### Input for this task ###
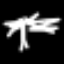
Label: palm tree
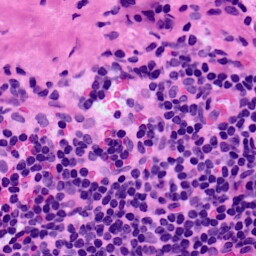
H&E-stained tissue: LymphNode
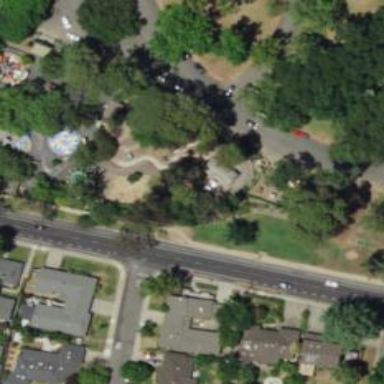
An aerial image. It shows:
###
### Input for this task ###
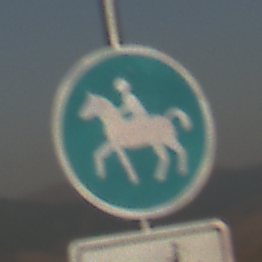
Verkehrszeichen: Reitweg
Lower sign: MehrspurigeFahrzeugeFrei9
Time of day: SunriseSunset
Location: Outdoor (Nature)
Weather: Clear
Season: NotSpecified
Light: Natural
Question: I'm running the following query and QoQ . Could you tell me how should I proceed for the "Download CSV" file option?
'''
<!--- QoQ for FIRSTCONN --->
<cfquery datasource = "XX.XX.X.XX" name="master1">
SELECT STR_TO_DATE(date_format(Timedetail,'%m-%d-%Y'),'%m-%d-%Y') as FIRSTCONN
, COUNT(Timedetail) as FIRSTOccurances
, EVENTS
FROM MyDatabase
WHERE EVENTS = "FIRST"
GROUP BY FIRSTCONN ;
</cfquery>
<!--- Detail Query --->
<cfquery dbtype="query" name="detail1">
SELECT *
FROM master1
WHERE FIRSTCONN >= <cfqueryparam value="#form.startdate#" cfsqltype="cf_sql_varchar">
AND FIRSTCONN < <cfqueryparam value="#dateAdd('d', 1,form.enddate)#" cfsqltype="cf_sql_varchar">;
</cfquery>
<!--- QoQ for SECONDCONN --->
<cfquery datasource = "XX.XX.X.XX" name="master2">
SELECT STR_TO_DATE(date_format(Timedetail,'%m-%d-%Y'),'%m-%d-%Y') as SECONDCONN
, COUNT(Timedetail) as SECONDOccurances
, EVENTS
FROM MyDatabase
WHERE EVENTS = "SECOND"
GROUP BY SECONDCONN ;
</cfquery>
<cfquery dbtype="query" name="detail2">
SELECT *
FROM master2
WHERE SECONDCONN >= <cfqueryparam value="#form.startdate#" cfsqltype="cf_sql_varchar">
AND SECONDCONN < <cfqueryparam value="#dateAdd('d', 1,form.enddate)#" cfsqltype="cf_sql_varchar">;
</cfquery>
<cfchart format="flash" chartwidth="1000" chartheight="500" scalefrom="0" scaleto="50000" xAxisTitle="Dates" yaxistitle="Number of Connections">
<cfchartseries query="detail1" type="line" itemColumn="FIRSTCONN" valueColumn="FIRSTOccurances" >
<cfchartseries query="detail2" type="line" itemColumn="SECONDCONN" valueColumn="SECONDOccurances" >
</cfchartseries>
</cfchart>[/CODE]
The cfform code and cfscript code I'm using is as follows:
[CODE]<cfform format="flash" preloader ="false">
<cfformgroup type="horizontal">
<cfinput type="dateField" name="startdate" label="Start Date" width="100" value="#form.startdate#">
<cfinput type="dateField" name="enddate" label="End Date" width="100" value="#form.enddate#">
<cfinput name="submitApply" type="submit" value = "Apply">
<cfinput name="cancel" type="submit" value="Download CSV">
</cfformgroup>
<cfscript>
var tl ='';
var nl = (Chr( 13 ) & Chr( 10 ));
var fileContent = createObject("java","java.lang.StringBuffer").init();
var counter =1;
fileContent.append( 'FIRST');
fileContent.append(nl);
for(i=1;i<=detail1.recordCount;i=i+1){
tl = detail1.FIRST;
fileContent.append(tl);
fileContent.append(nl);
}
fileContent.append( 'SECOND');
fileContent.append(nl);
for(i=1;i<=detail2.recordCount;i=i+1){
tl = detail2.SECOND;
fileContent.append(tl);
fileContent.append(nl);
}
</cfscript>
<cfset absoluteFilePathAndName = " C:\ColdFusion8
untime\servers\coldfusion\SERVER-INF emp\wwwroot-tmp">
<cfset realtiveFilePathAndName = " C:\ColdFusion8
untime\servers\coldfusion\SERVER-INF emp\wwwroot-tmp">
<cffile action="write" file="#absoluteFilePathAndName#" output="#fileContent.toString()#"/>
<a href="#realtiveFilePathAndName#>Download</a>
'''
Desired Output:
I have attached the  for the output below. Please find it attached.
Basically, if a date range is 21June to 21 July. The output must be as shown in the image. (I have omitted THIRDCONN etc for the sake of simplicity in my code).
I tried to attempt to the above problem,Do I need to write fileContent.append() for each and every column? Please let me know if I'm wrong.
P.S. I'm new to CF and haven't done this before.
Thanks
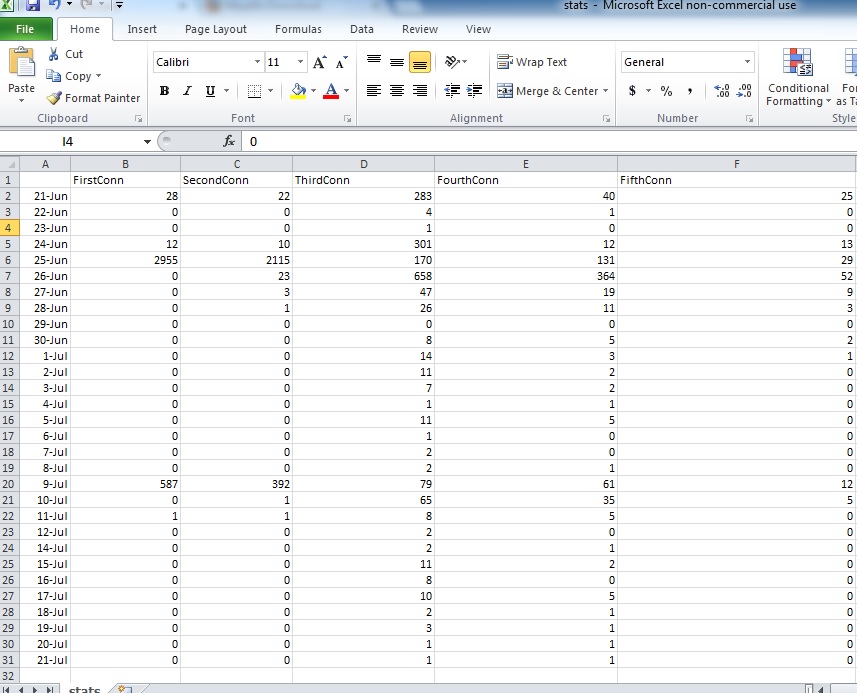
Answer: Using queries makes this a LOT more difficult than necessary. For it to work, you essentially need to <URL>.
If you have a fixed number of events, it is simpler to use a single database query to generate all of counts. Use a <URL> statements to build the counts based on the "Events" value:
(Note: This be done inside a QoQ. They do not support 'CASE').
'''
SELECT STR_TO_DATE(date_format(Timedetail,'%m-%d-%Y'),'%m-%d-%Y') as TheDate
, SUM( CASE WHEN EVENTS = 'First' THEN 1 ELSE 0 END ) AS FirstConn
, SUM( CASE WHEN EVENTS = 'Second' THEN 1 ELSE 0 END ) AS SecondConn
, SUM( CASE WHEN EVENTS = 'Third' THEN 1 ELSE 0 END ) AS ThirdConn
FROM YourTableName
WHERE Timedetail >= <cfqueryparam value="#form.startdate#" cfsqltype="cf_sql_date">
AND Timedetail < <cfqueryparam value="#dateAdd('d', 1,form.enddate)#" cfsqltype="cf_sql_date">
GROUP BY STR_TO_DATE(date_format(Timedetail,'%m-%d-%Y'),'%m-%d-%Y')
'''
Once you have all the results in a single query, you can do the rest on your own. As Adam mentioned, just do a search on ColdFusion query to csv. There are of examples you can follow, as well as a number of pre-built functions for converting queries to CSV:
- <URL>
###
### Input for this task ###
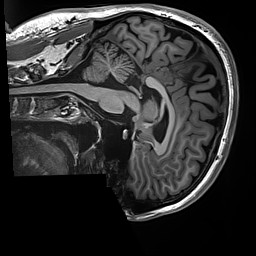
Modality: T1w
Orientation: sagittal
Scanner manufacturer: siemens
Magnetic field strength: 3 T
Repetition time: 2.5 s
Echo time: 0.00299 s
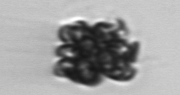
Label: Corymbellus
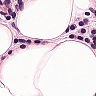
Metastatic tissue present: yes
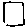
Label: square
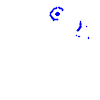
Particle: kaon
###
▸ Activity:
Write out, from the lines above, only those from the line with "Location: Outdoor (Nature)" to the line with "Season: NotSpecified", exactly as given, including the first and the last.

▸ Task output:
Location: Outdoor (Nature)
Weather: Clear
Season: NotSpecified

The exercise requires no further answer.